**Prompt**: Each line of the listing that contains the word "movement" is to be copied.

**Data for this task**:
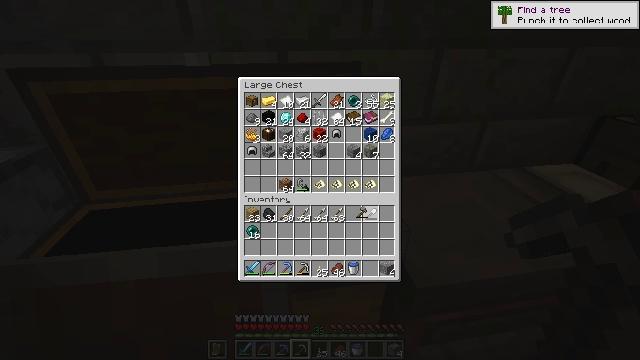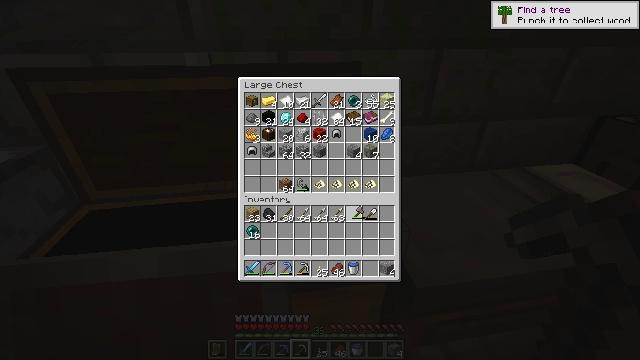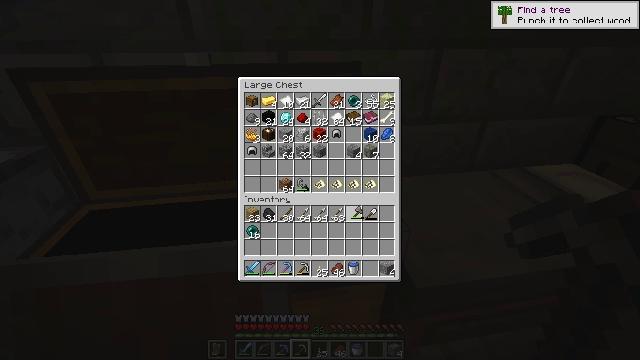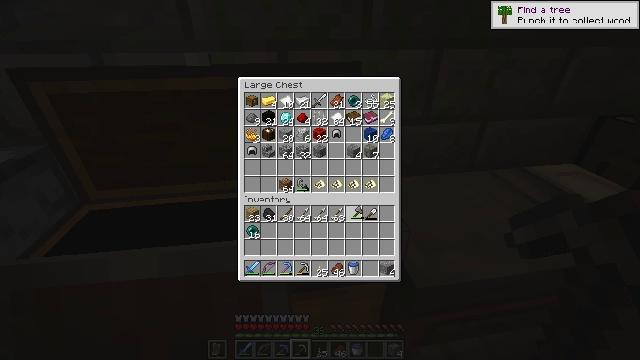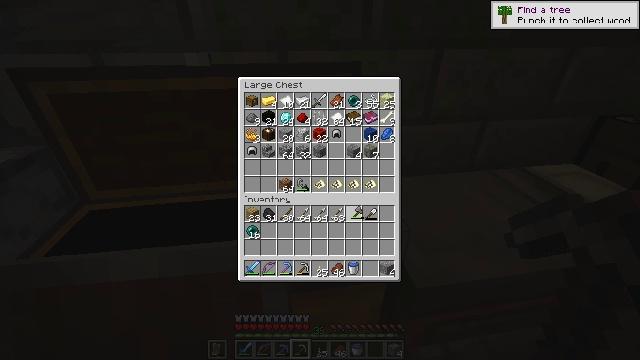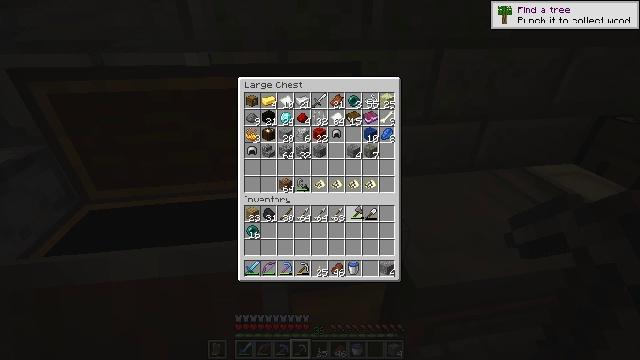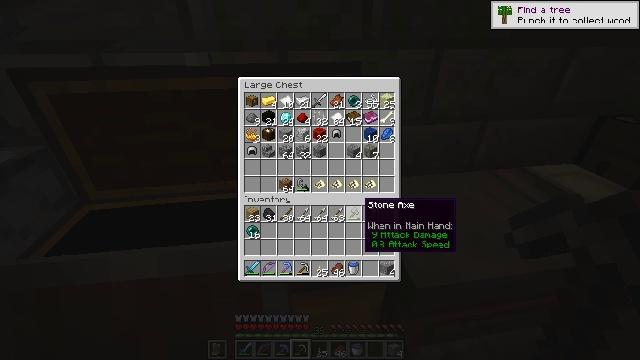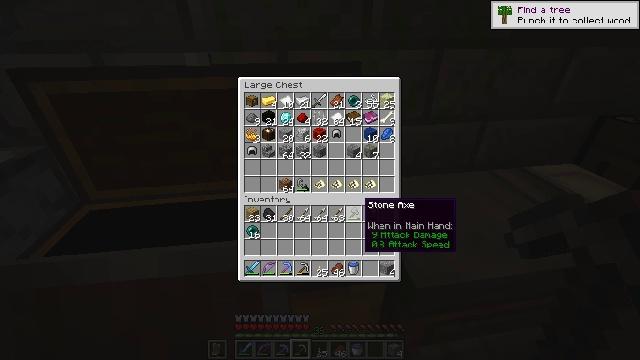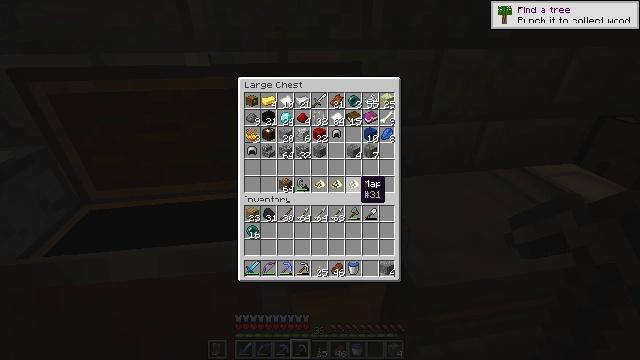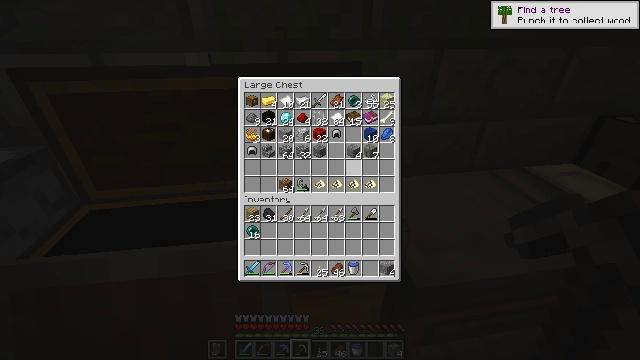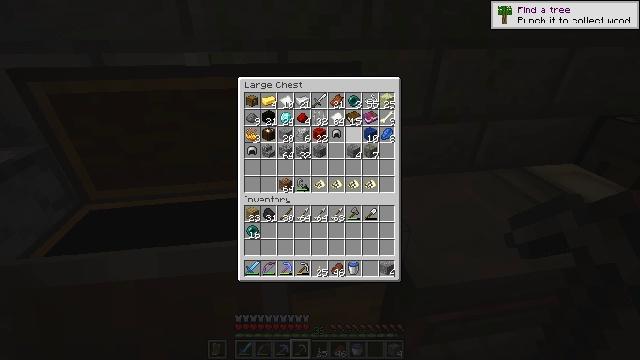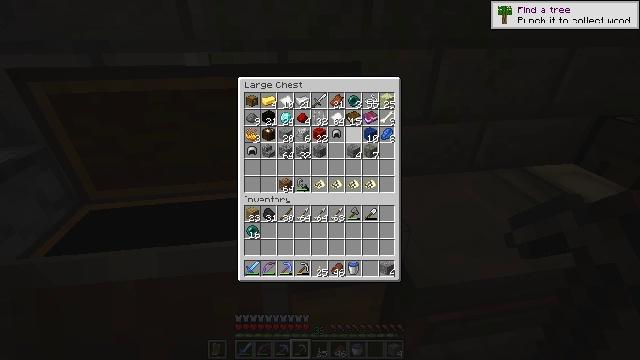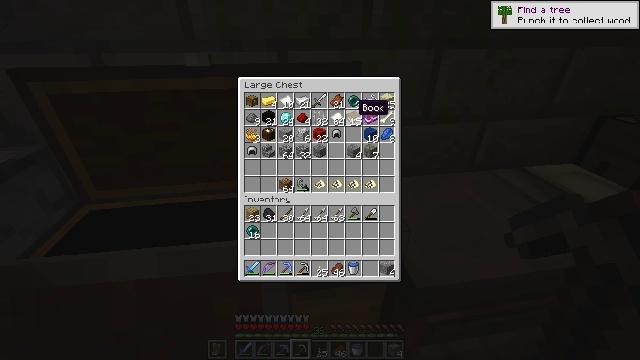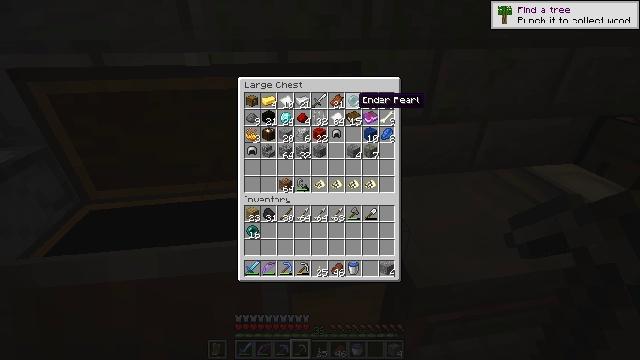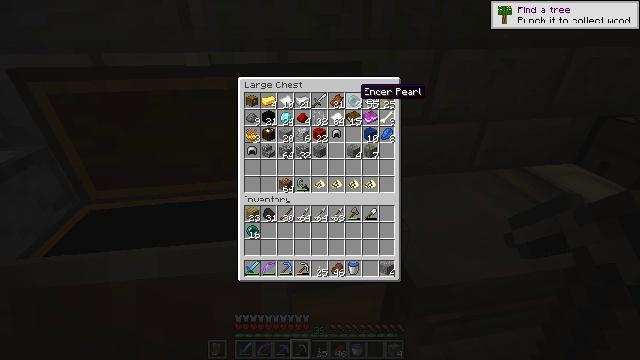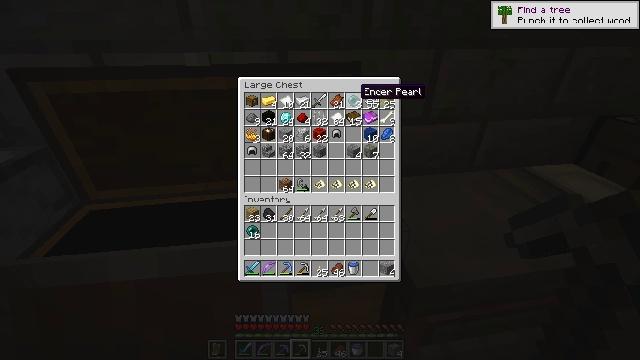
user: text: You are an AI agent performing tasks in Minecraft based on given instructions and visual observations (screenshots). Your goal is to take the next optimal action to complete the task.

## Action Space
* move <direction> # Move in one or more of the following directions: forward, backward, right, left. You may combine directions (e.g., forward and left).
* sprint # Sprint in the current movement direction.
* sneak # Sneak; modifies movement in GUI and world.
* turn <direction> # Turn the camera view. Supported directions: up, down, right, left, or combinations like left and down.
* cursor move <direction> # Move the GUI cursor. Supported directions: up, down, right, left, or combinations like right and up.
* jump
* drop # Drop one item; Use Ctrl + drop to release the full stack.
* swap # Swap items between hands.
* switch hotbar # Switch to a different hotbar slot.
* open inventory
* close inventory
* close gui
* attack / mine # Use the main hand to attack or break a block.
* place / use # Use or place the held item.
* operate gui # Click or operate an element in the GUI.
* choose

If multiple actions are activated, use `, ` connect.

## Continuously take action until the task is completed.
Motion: motion action
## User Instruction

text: craft item air
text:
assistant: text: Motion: no_op
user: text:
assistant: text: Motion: no_op
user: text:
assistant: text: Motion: no_op
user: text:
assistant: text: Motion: operate gui
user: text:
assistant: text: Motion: operate gui
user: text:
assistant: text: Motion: no_op
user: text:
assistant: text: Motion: no_op
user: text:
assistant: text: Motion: cursor move up
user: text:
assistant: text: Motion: cursor move up
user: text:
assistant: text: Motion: sneak, cursor move up
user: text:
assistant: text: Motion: sneak, cursor move up
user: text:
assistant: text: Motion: sneak, cursor move up
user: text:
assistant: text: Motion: sneak, cursor move up
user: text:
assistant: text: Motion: sneak, cursor move up
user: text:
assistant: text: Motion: sneak
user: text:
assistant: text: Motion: sneak, operate gui
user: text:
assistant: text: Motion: sneak
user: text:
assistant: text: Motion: sneak
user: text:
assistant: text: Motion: cursor move right and down
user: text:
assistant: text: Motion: cursor move down
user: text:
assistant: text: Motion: cursor move down
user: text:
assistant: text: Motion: no_op
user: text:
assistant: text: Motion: no_op
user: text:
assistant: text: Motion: cursor move down
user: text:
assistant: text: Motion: no_op
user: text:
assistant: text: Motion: no_op
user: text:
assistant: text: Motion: no_op
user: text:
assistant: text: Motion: no_op
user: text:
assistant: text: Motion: operate gui
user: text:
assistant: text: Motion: operate gui

**Exercise solution**:
* sprint # Sprint in the current movement direction.
* sneak # Sneak; modifies movement in GUI and world.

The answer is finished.